**Exercise brief**
Below is a set of entries. Print the line that contains "Transcription: Africa." and every later line word for word, through the final one.

:::::

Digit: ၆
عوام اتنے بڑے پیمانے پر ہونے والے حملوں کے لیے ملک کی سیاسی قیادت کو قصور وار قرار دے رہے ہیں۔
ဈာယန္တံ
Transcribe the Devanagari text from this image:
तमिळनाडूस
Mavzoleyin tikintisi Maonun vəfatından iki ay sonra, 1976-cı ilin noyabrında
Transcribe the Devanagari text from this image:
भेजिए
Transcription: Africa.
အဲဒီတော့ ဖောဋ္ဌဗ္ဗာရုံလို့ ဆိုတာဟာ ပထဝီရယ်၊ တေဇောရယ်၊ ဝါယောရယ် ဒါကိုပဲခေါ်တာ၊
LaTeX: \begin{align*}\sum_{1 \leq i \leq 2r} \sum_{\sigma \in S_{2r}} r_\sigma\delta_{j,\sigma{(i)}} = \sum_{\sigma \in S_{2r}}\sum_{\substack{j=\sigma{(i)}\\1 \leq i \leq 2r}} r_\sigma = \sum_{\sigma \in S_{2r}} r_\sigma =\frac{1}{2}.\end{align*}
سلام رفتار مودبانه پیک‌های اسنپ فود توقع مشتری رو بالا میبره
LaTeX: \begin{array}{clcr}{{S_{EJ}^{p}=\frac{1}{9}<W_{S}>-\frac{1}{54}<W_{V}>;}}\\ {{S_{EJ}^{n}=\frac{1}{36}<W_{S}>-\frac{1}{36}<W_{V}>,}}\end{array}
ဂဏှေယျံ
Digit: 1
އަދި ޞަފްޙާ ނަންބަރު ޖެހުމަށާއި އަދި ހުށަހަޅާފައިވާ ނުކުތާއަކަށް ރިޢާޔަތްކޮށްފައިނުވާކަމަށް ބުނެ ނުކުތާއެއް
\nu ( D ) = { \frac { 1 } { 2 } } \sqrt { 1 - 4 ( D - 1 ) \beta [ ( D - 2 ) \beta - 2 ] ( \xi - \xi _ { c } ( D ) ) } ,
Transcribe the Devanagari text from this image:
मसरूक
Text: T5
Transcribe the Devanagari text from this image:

:::::

**Solution to this task**
Transcription: Africa.
အဲဒီတော့ ဖောဋ္ဌဗ္ဗာရုံလို့ ဆိုတာဟာ ပထဝီရယ်၊ တေဇောရယ်၊ ဝါယောရယ် ဒါကိုပဲခေါ်တာ၊
LaTeX: \begin{align*}\sum_{1 \leq i \leq 2r} \sum_{\sigma \in S_{2r}} r_\sigma\delta_{j,\sigma{(i)}} = \sum_{\sigma \in S_{2r}}\sum_{\substack{j=\sigma{(i)}\\1 \leq i \leq 2r}} r_\sigma = \sum_{\sigma \in S_{2r}} r_\sigma =\frac{1}{2}.\end{align*}
سلام رفتار مودبانه پیک‌های اسنپ فود توقع مشتری رو بالا میبره
LaTeX: \begin{array}{clcr}{{S_{EJ}^{p}=\frac{1}{9}<W_{S}>-\frac{1}{54}<W_{V}>;}}\\ {{S_{EJ}^{n}=\frac{1}{36}<W_{S}>-\frac{1}{36}<W_{V}>,}}\end{array}
ဂဏှေယျံ
Digit: 1
އަދި ޞަފްޙާ ނަންބަރު ޖެހުމަށާއި އަދި ހުށަހަޅާފައިވާ ނުކުތާއަކަށް ރިޢާޔަތްކޮށްފައިނުވާކަމަށް ބުނެ ނުކުތާއެއް
\nu ( D ) = { \frac { 1 } { 2 } } \sqrt { 1 - 4 ( D - 1 ) \beta [ ( D - 2 ) \beta - 2 ] ( \xi - \xi _ { c } ( D ) ) } ,
Transcribe the Devanagari text from this image:
मसरूक
Text: T5
Transcribe the Devanagari text from this image:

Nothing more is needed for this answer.